Required action: Would you write out the entries below word for word, omitting the pictures?

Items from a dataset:
******************************
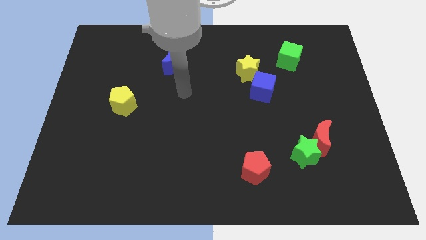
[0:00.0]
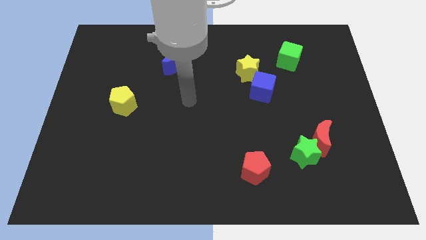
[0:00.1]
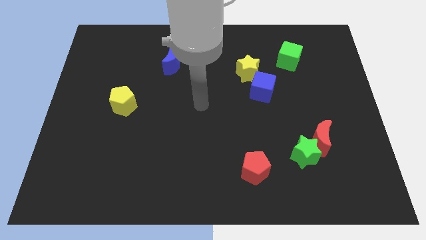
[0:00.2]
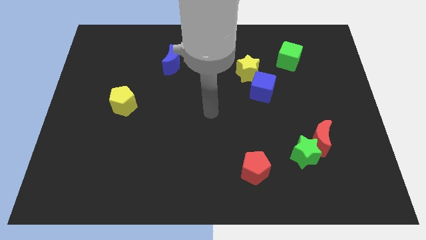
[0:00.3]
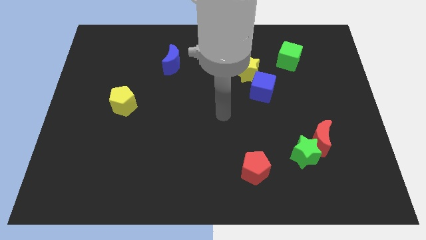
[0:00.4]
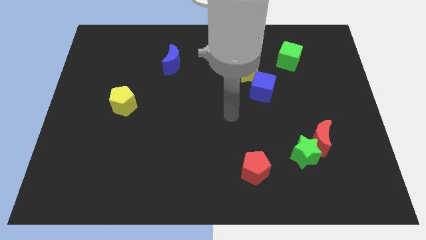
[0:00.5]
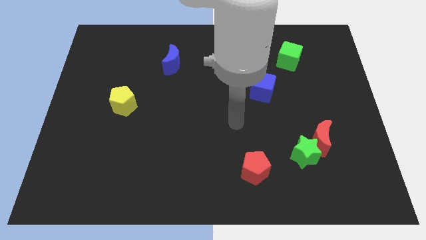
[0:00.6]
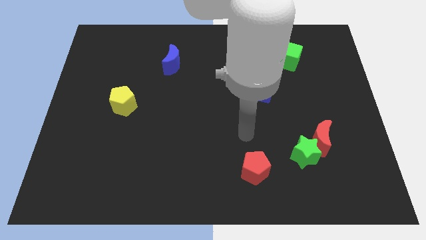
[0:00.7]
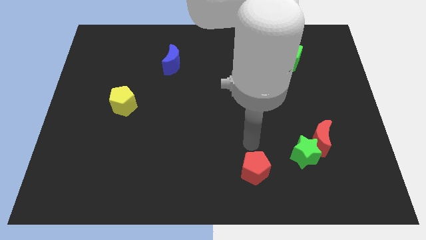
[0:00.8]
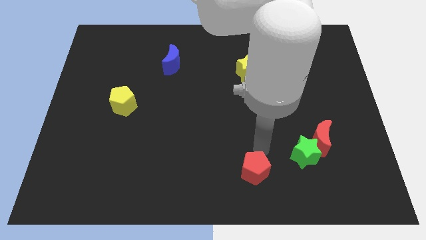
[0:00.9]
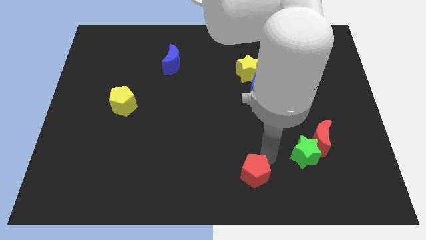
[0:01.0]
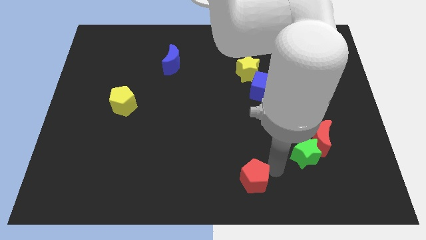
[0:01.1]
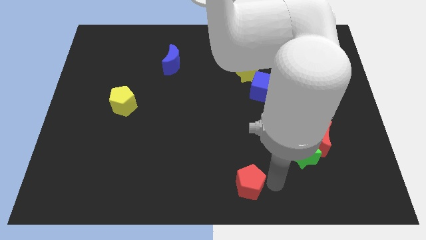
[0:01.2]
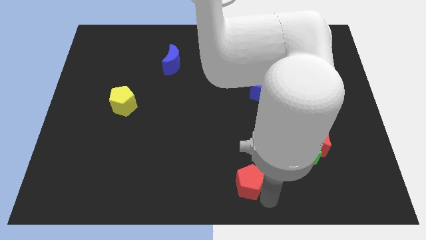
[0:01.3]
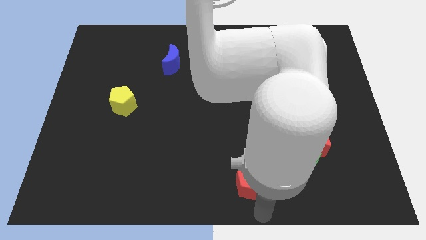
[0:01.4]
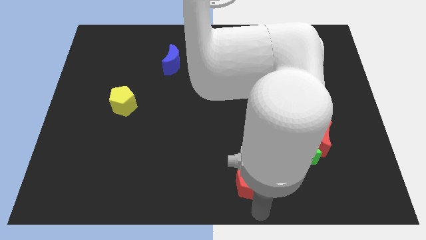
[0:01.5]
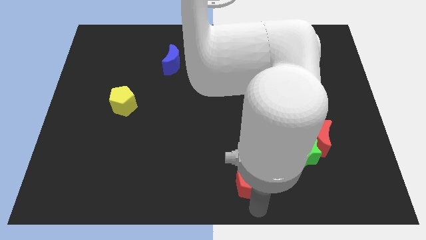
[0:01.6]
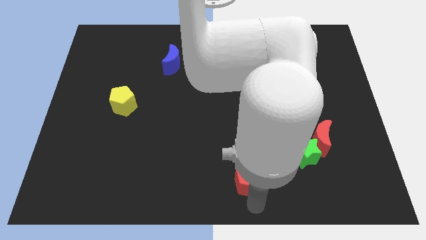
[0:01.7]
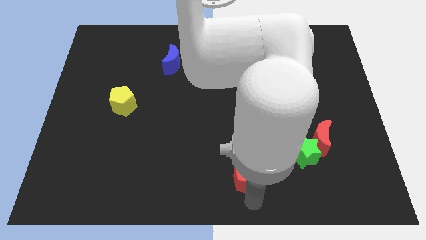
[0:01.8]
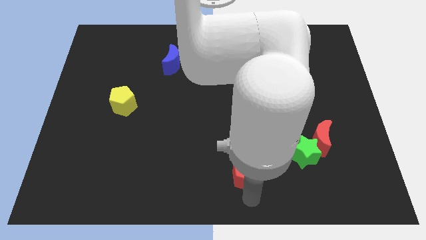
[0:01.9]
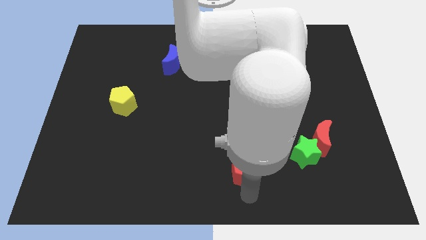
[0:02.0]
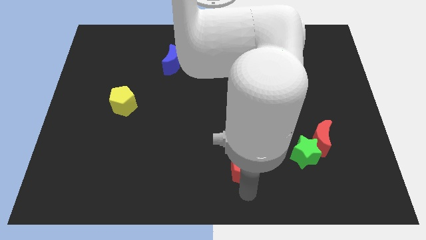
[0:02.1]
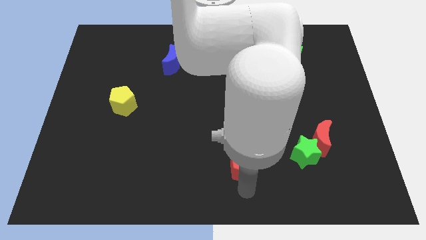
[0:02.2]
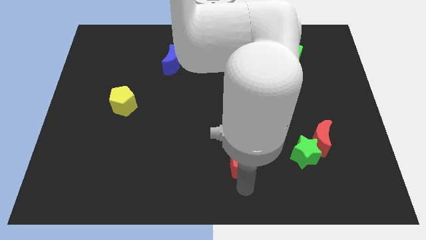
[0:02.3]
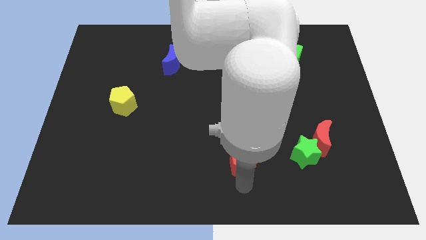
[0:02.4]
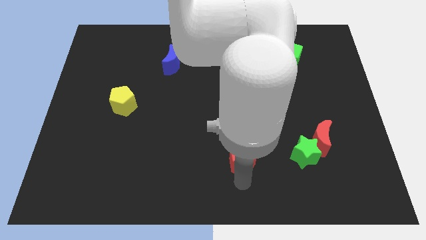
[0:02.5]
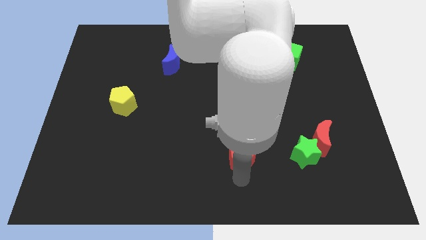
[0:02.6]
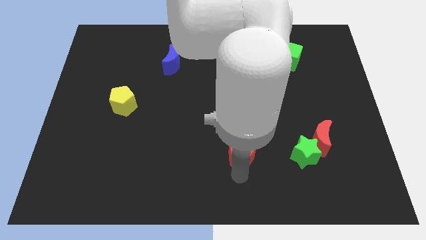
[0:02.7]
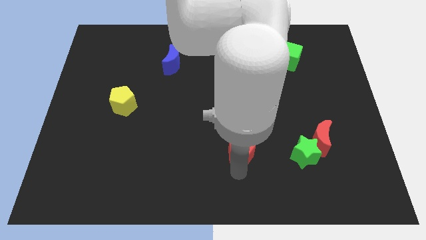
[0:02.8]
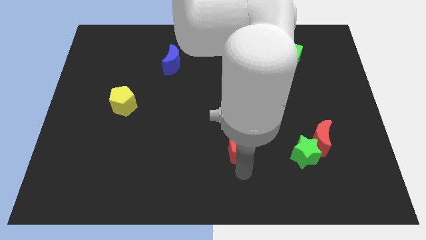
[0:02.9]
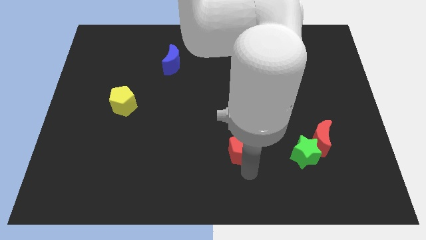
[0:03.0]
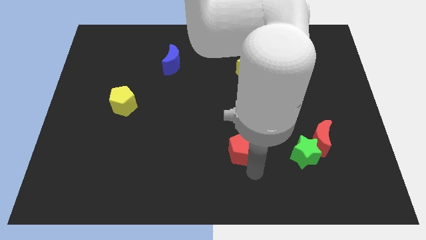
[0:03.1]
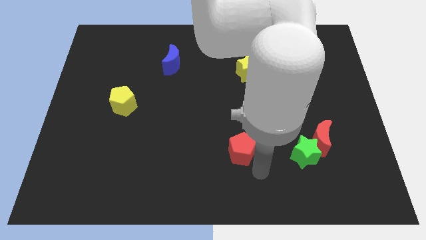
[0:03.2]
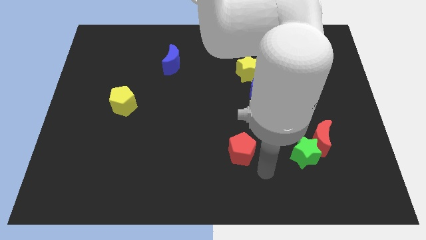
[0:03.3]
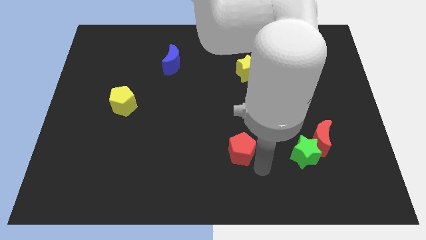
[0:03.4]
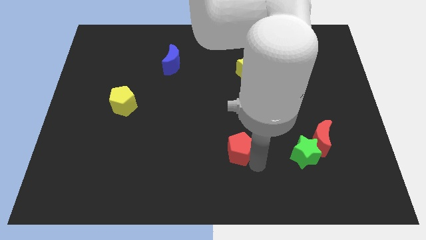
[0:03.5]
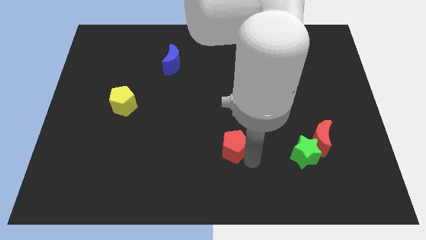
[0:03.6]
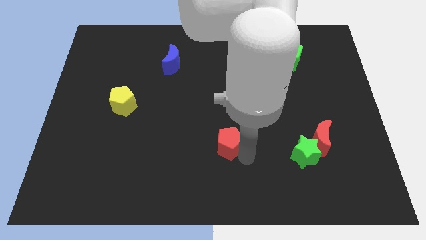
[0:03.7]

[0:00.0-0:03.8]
******************************
Exercise output:
[0:00.0]
[0:00.1]
[0:00.2]
[0:00.3]
[0:00.4]
[0:00.5]
[0:00.6]
[0:00.7]
[0:00.8]
[0:00.9]
[0:01.0]
[0:01.1]
[0:01.2]
[0:01.3]
[0:01.4]
[0:01.5]
[0:01.6]
[0:01.7]
[0:01.8]
[0:01.9]
[0:02.0]
[0:02.1]
[0:02.2]
[0:02.3]
[0:02.4]
[0:02.5]
[0:02.6]
[0:02.7]
[0:02.8]
[0:02.9]
[0:03.0]
[0:03.1]
[0:03.2]
[0:03.3]
[0:03.4]
[0:03.5]
[0:03.6]
[0:03.7]

[0:00.0-0:03.8]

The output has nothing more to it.